Quizá lo que mejor explique que Brasil haya reemplazado a Chile como paradigma de éxito económico sea la notable performance de Petrobras. En el último año, la empresa anunció el descubrimiento de enormes yacimientos en Tupi y en la cuenca de Santos que, de confirmarse, elevarían a Brasil a la categoría saudita de potencia energética y lo convertirían en el octavo productor mundial de petróleo. Y esto sí es resultado de una política de Estado: desde su creación por Getulio Vargas en 1953, Petrobras sufrió muchos cambios, incluyendo la apertura al capital privado durante la gestión de Cardoso, pero siempre con el propósito de garantizar el autoabastecimiento energético. Para lograrlo, en los últimos años de-sarrolló tecnología propia en la exploración ultramarina que resultó clave para los nuevos descubrimientos. Hoy, Petrobras es la única empresa hidrocarburífera de primera línea cuyas reservas crecen más rápido que su producción.

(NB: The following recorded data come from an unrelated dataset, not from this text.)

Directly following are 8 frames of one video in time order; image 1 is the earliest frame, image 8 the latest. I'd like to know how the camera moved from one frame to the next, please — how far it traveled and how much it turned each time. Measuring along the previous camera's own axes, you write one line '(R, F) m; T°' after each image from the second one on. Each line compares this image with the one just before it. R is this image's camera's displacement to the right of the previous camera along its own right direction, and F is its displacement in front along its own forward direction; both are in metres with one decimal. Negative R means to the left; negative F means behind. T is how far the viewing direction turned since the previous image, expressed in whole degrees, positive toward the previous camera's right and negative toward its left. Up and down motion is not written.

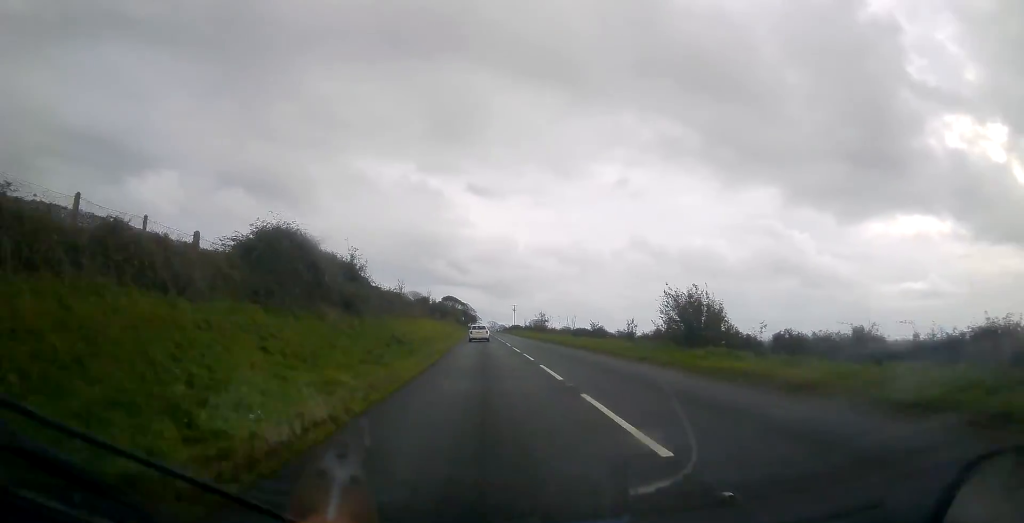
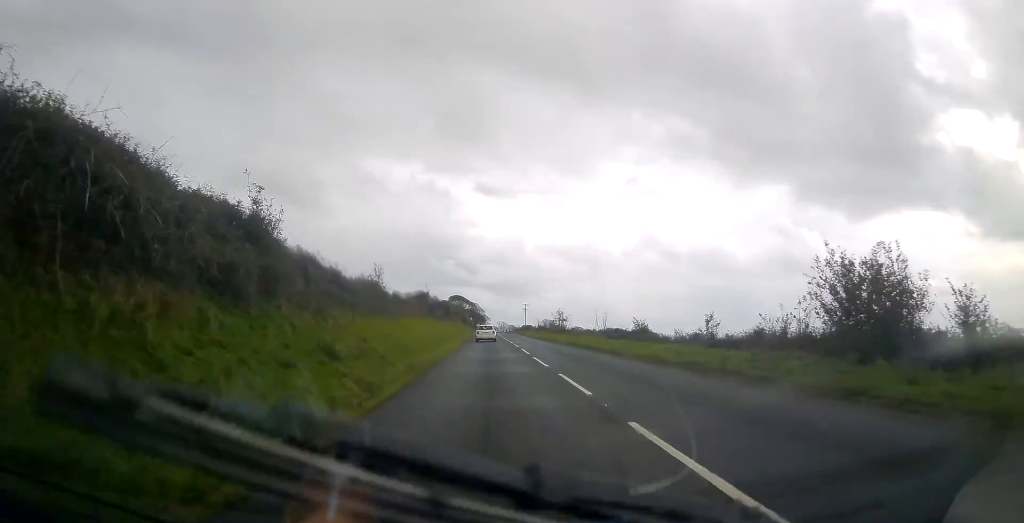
(-0.2, +12.2) m; -1°
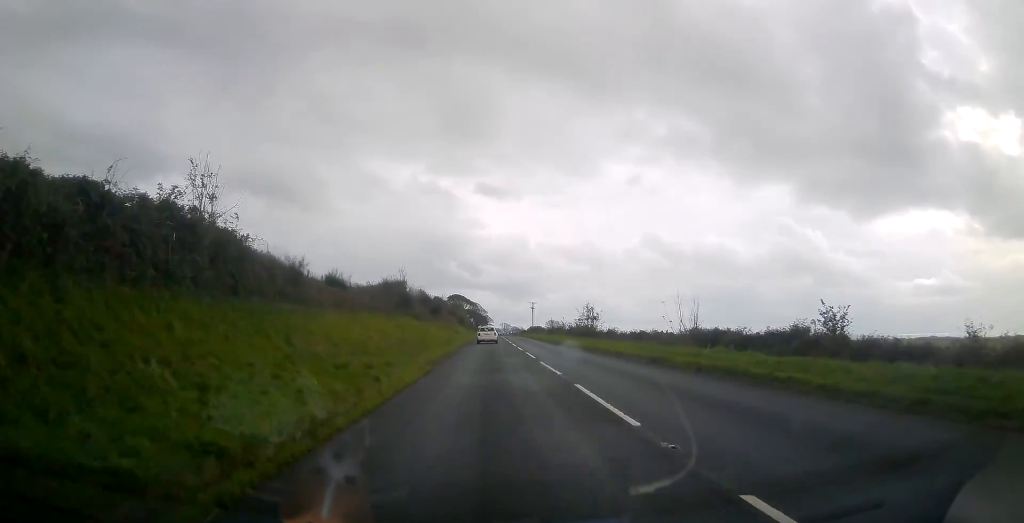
(-0.3, +21.3) m; -1°
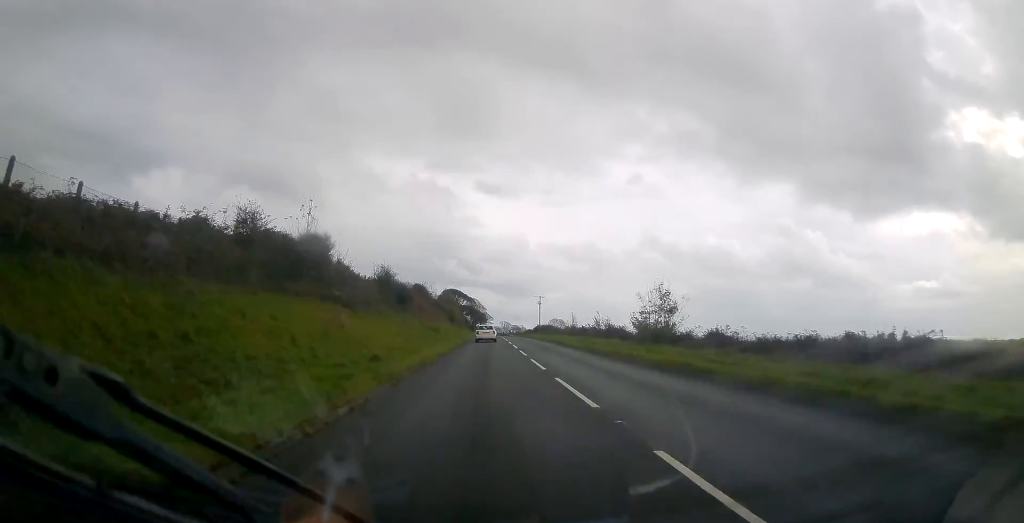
(-0.2, +24.9) m; 0°
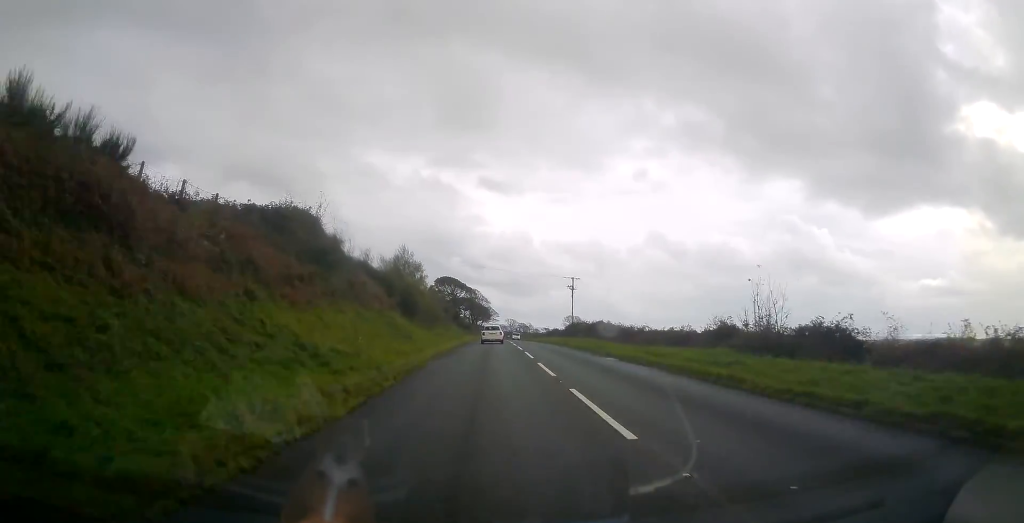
(0.0, +47.8) m; 0°
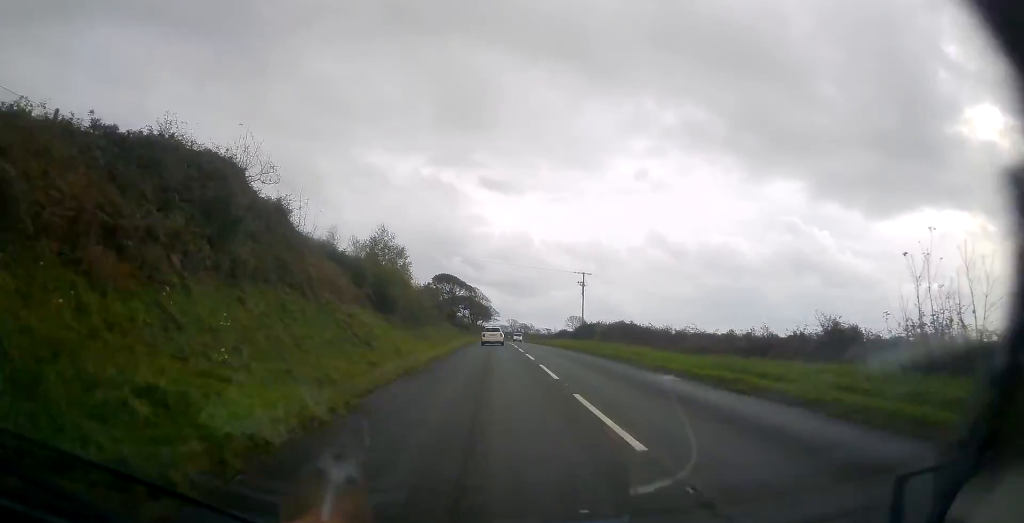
(0.0, +9.2) m; 0°
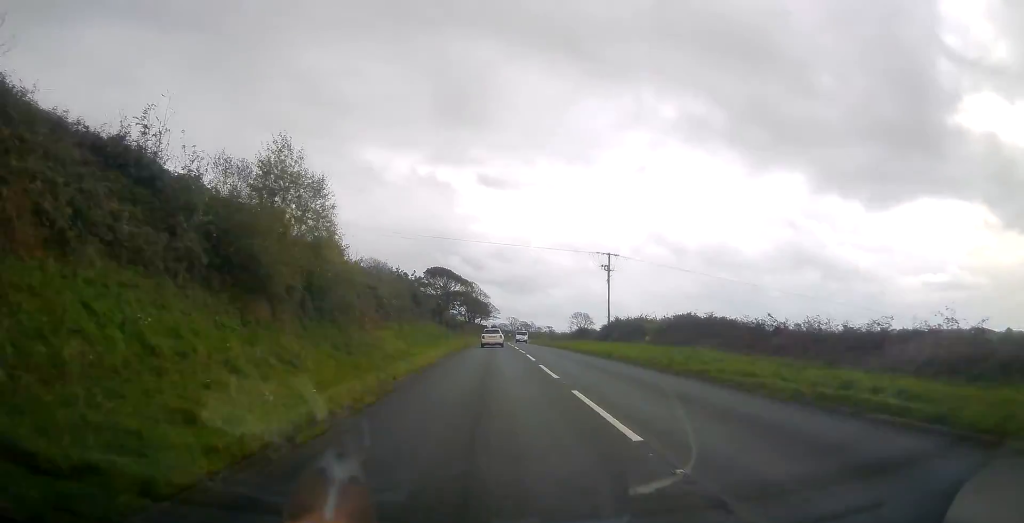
(0.0, +17.6) m; 0°
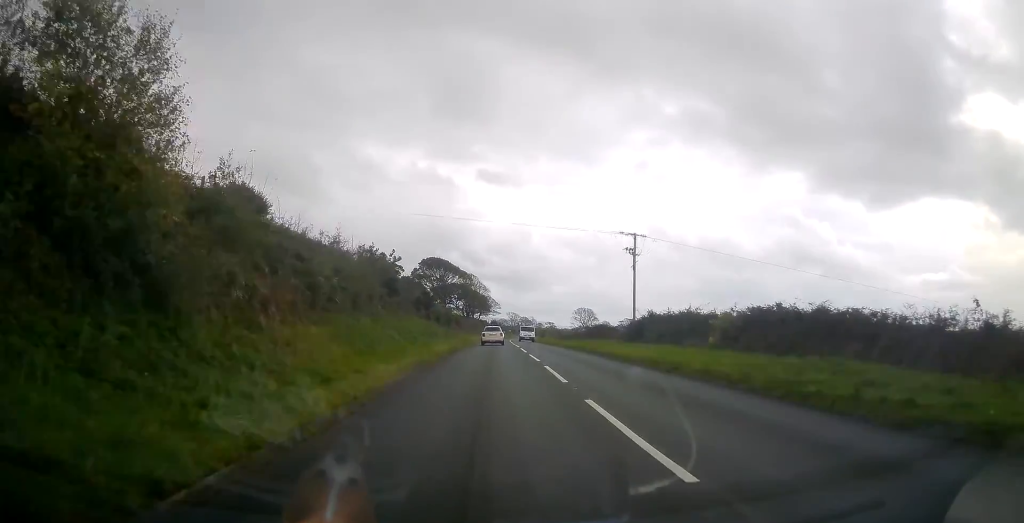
(0.0, +10.8) m; 0°

La venta de YPF privó al Estado argentino de una herramienta fundamental. Aunque cuando se privatizó (justo es reconocerlo) el petróleo no tenía la misma importancia estratégica que ahora, con el barril por arriba de los 140 dólares, lo cierto es que el remate de la compañía ha dejado a la Argentina en una situación muy complicada: mientras Brasil avanza hacia la autosuficiencia, Argentina depende de dos socios inestables, Bolivia y Venezuela, el último de los cuales además condiciona bolivarianamente la política internacional: ¿habría tolerado Kirchner en silencio la estatización de Sidor si no necesitara el fueloil venezolano para pasar el invierno?

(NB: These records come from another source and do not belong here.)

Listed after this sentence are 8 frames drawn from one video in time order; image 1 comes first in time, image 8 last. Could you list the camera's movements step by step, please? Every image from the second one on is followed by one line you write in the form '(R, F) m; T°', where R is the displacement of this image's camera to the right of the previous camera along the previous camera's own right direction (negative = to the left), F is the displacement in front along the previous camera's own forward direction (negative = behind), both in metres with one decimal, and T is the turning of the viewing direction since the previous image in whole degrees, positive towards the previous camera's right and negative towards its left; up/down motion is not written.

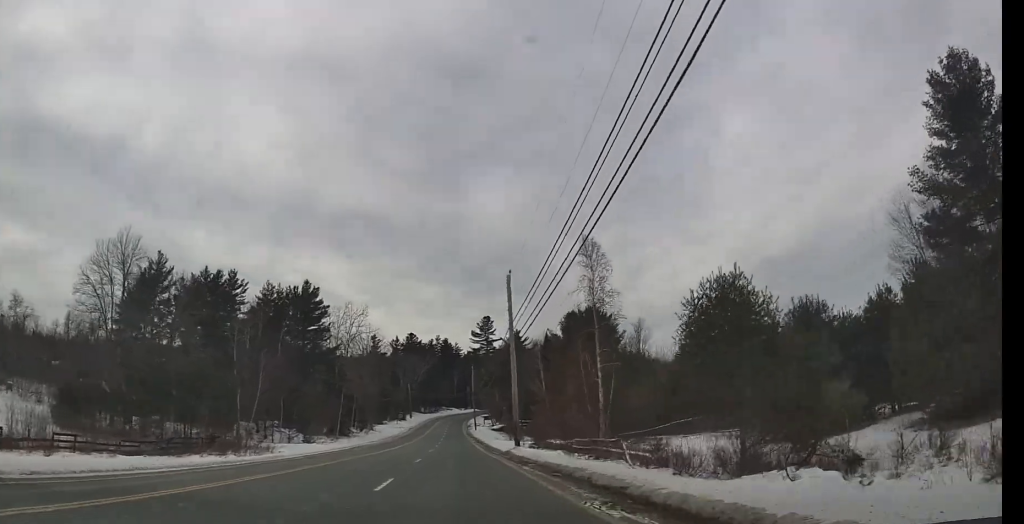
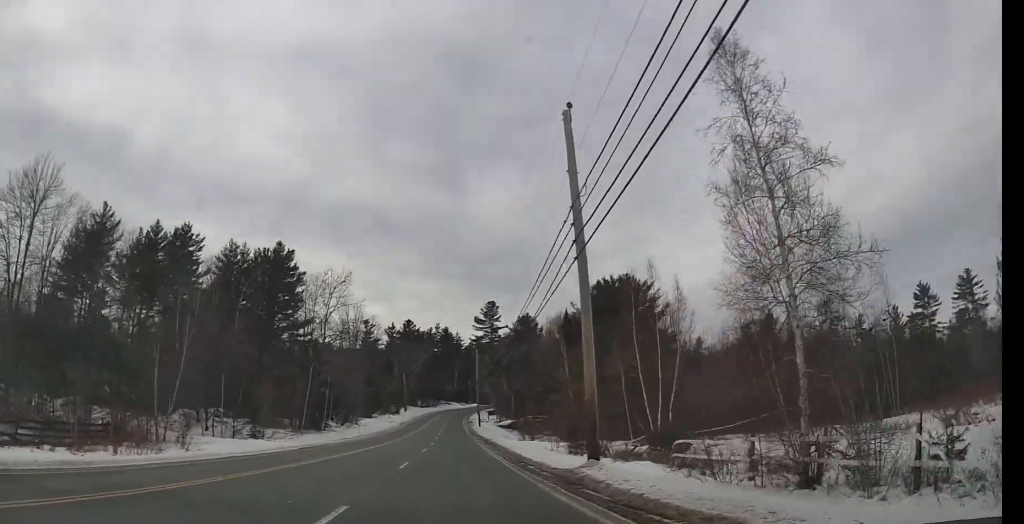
(+0.2, +18.0) m; +1°
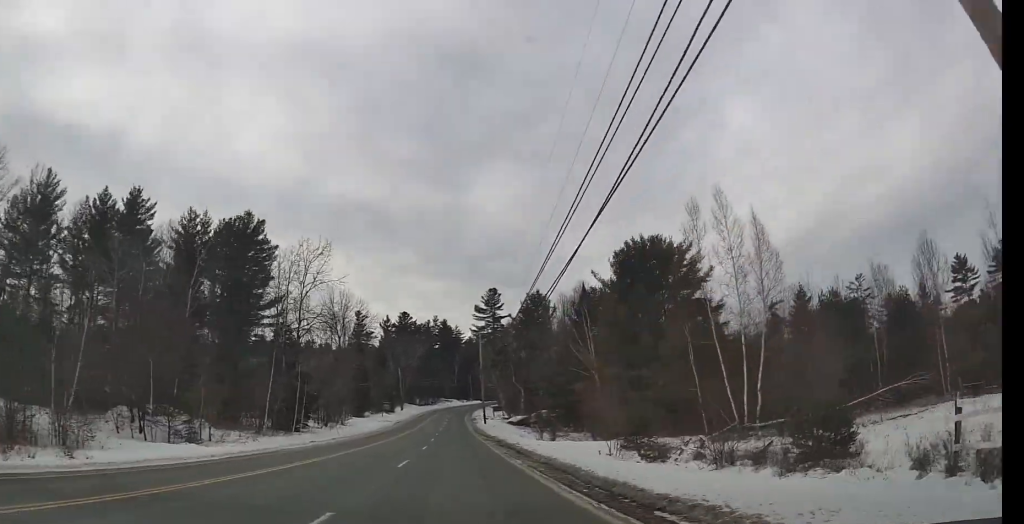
(+0.2, +13.0) m; 0°
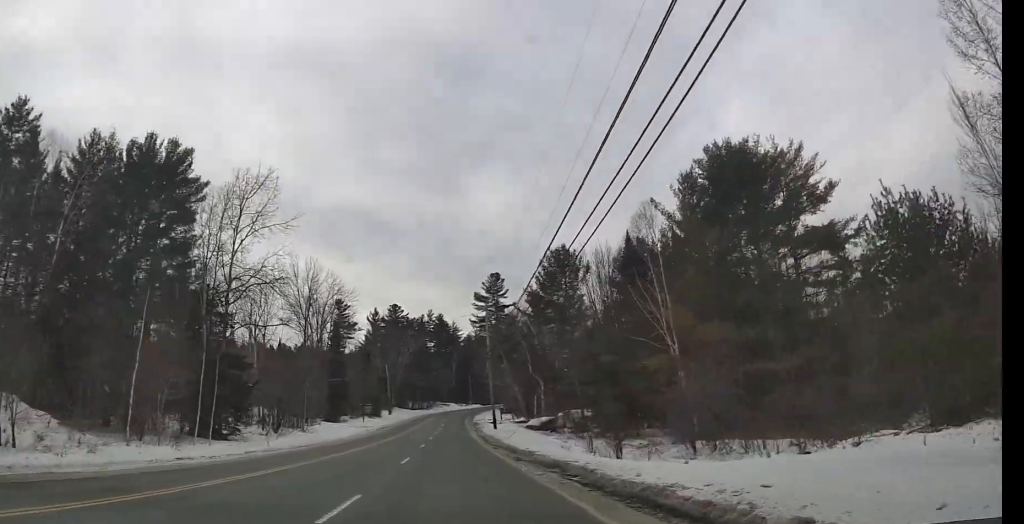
(-0.1, +21.6) m; -1°
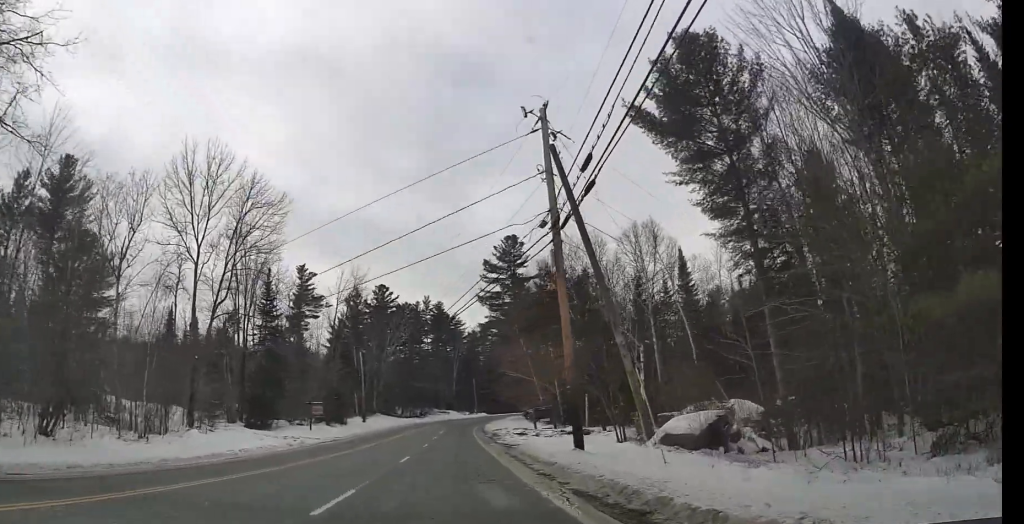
(-0.1, +35.2) m; 0°
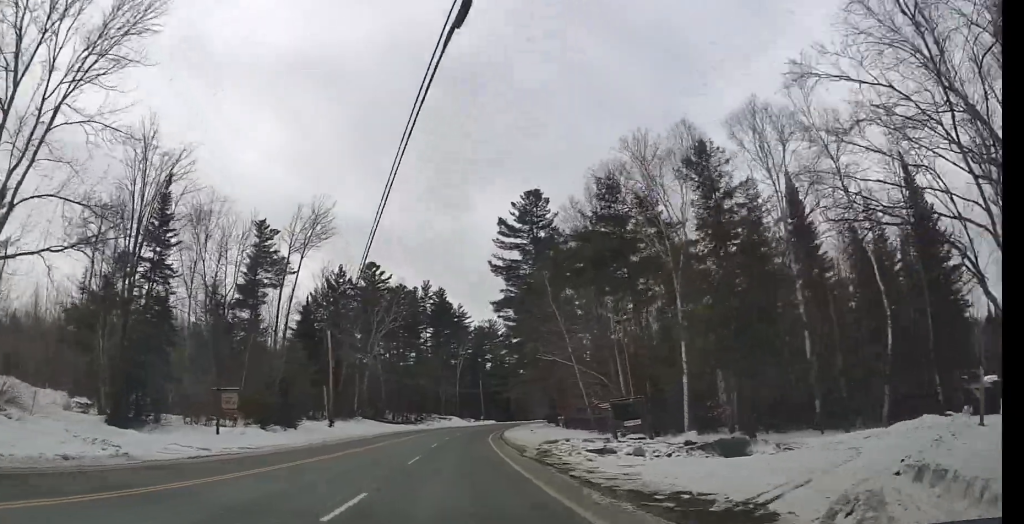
(-0.2, +24.4) m; -1°
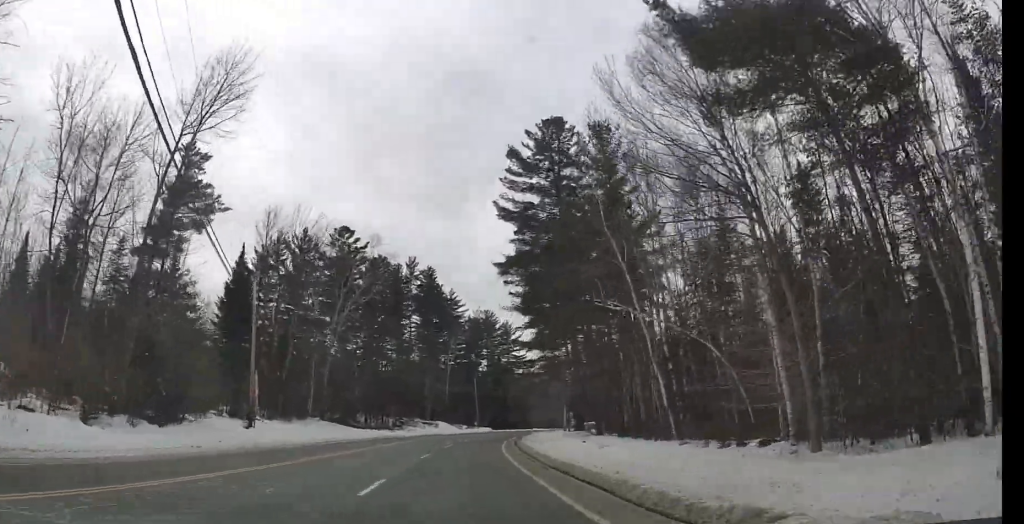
(-0.1, +22.2) m; +2°
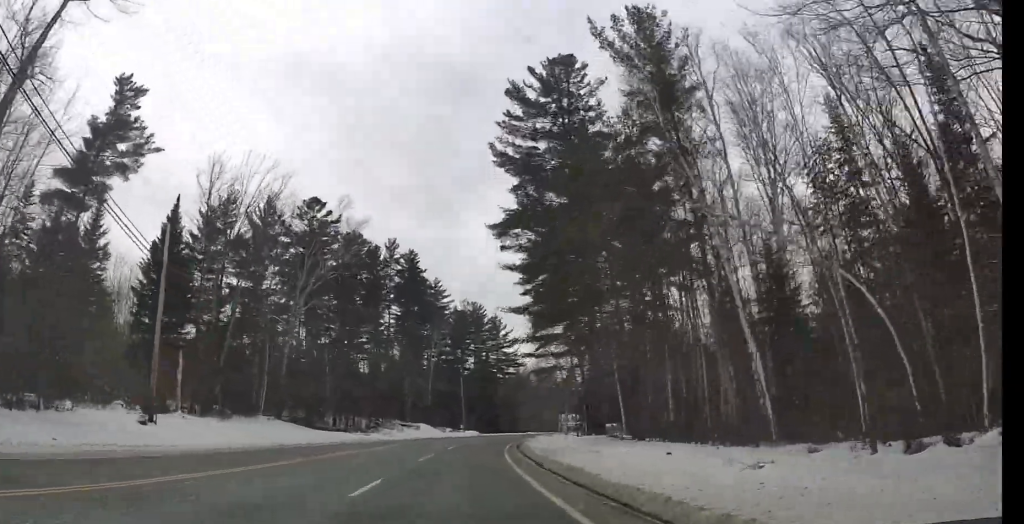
(+0.2, +12.2) m; +1°

En materia energética, Argentina está lejísimos de Brasil, de Venezuela e incluso de Chile, cuya sociedad con las potencias emergentes del Pacífico le permitirá en un par de años prescindir de sus inciertos vecinos latinoamericanos. Pero, contra lo que opina el cineasta Pino Solanas, recuperar la soberanía energética no es tan sencillo: se han perdido ya demasiadas herramientas cuya recompra insumiría un costo que el país difícilmente podría afrontar (además de que habría que debatir seriamente si tiene sentido hacerlo). En todo caso, lo evidente es que Argentina carece de una política energética.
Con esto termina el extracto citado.